The Editors of The New Yorker have published the most powerful and digestible single statement about this presidential run and why there is really only one choice that can be sanely made.  would love to hear your thoughts on it.

Never in living memory has an election been more critical than the one fast approaching—that’s the quadrennial cliché, as expected as the balloons and the bombast. And yet when has it ever felt so urgently true? When have so many Americans had so clear a sense that a Presidency has—at the levels of competence, vision, and integrity—undermined the country and its ideals?

The incumbent Administration has distinguished itself for the ages. The Presidency of George W. Bush is the worst since Reconstruction, so there is no mystery about why the Republican Party—which has held dominion over the executive branch of the federal government for the past eight years and the legislative branch for most of that time—has little desire to defend its record, domestic or foreign. The only speaker at the Convention in St. Paul who uttered more than a sentence or two in support of the President was his wife, Laura. Meanwhile, the nominee, John McCain, played the part of a vaudeville illusionist, asking to be regarded as an apostle of change after years of embracing the essentials of the Bush agenda with ever-increasing ardor.

The Republican disaster begins at home. Even before taking into account whatever fantastically expensive plan eventually emerges to help rescue the financial system from Wall Street’s long-running pyramid schemes, the economic and fiscal picture is bleak. During the Bush Administration, the national debt, now approaching ten trillion dollars, has nearly doubled. Next year’s federal budget is projected to run a half-trillion-dollar deficit, a precipitous fall from the seven-hundred-billion-dollar surplus that was projected when Bill Clinton left office.
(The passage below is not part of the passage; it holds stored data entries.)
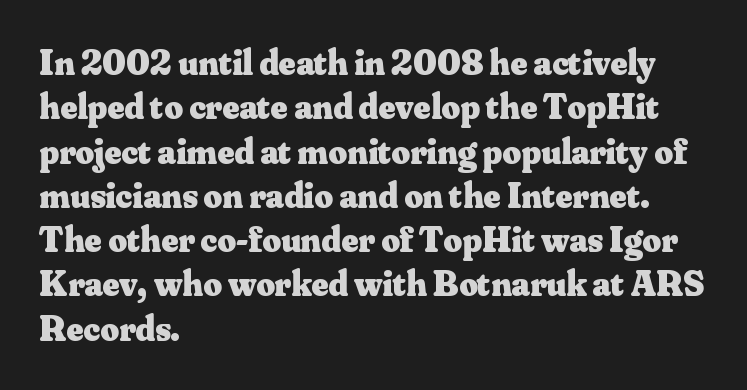
{"serif": "yes", "italic": "no", "bold": "yes", "weight": "heavy", "width": "normal", "stroke_contrast": "medium", "x_height": "small", "monospaced": "no", "underline": "no", "align": "left", "line_spacing_ratio": 1.23, "letter_spacing": "normal", "letter_spacing_em": 0.0, "glyph_px": 36}
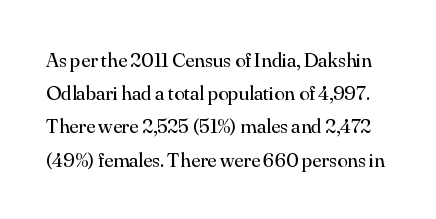
{"italic": "no", "bold": "no", "underline": "no", "line_spacing": "normal", "line_spacing_ratio": 1.58, "letter_spacing": "normal", "letter_spacing_em": 0.0, "glyph_px": 21}
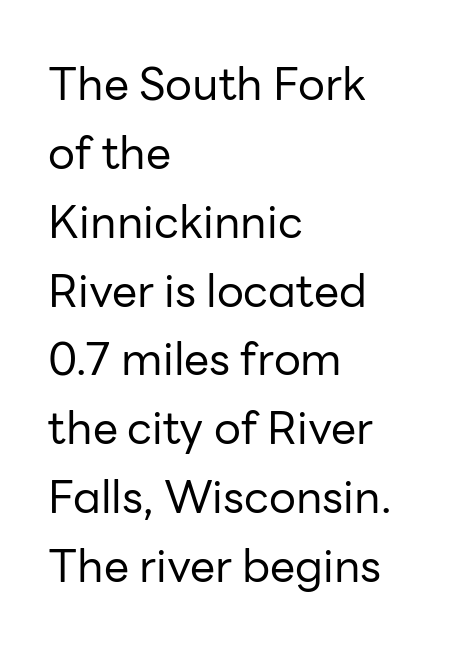
{"serif": "no", "italic": "no", "bold": "no", "weight": "regular", "width": "normal", "stroke_contrast": "low", "x_height": "medium", "monospaced": "no", "underline": "no", "align": "left", "line_spacing": "normal", "line_spacing_ratio": 1.53, "letter_spacing": "normal", "letter_spacing_em": 0.0, "glyph_px": 45}
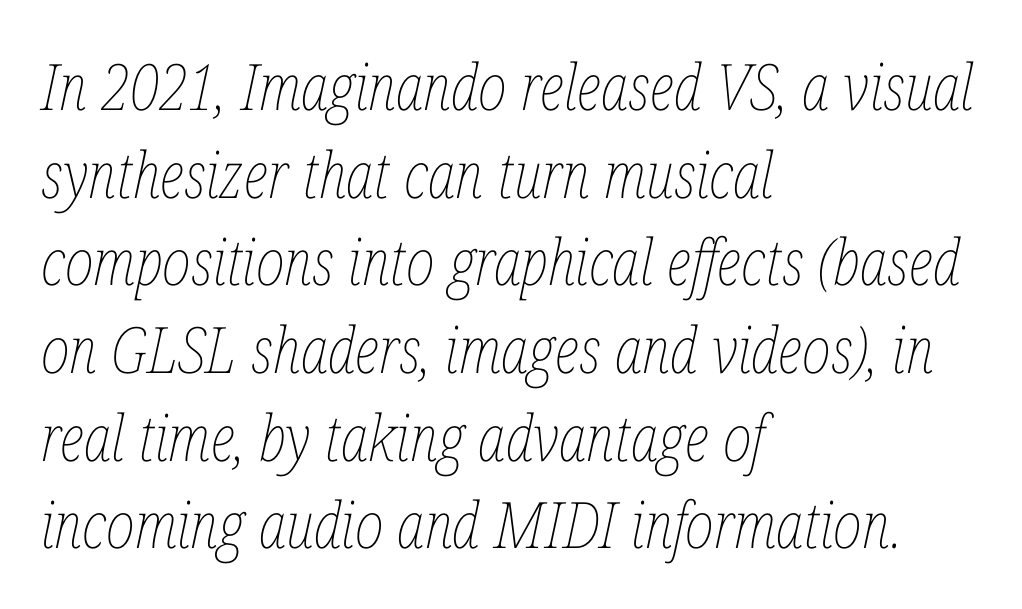
The image shows 64 px thin, condensed type, italic (leaning right); set left-aligned, normal line spacing (1.37x), normal letter spacing, not underlined; low stroke contrast and a medium x-height.
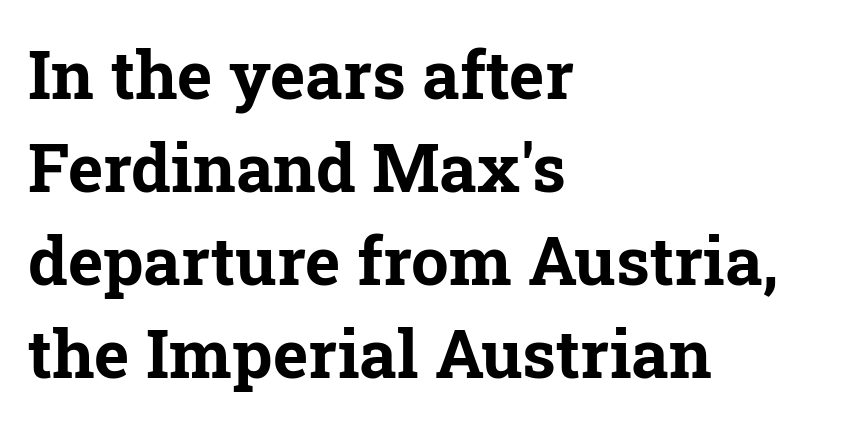
The image shows 67 px bold serif type, upright; set left-aligned, normal line spacing (1.39x), normal letter spacing, not underlined; low stroke contrast and a medium x-height.

Private-sector job creation has been a sixth of what it was under President Clinton. Five million people have fallen into poverty. The number of Americans without health insurance has grown by seven million, while average premiums have nearly doubled. Meanwhile, the principal domestic achievement of the Bush Administration has been to shift the relative burden of taxation from the rich to the rest. For the top one per cent of us, the Bush tax cuts are worth, on average, about a thousand dollars a week; for the bottom fifth, about a dollar and a half. The unfairness will only increase if the painful, yet necessary, effort to rescue the credit markets ends up preventing the rescue of our health-care system, our environment, and our physical, educational, and industrial infrastructure. (Click here for the full article)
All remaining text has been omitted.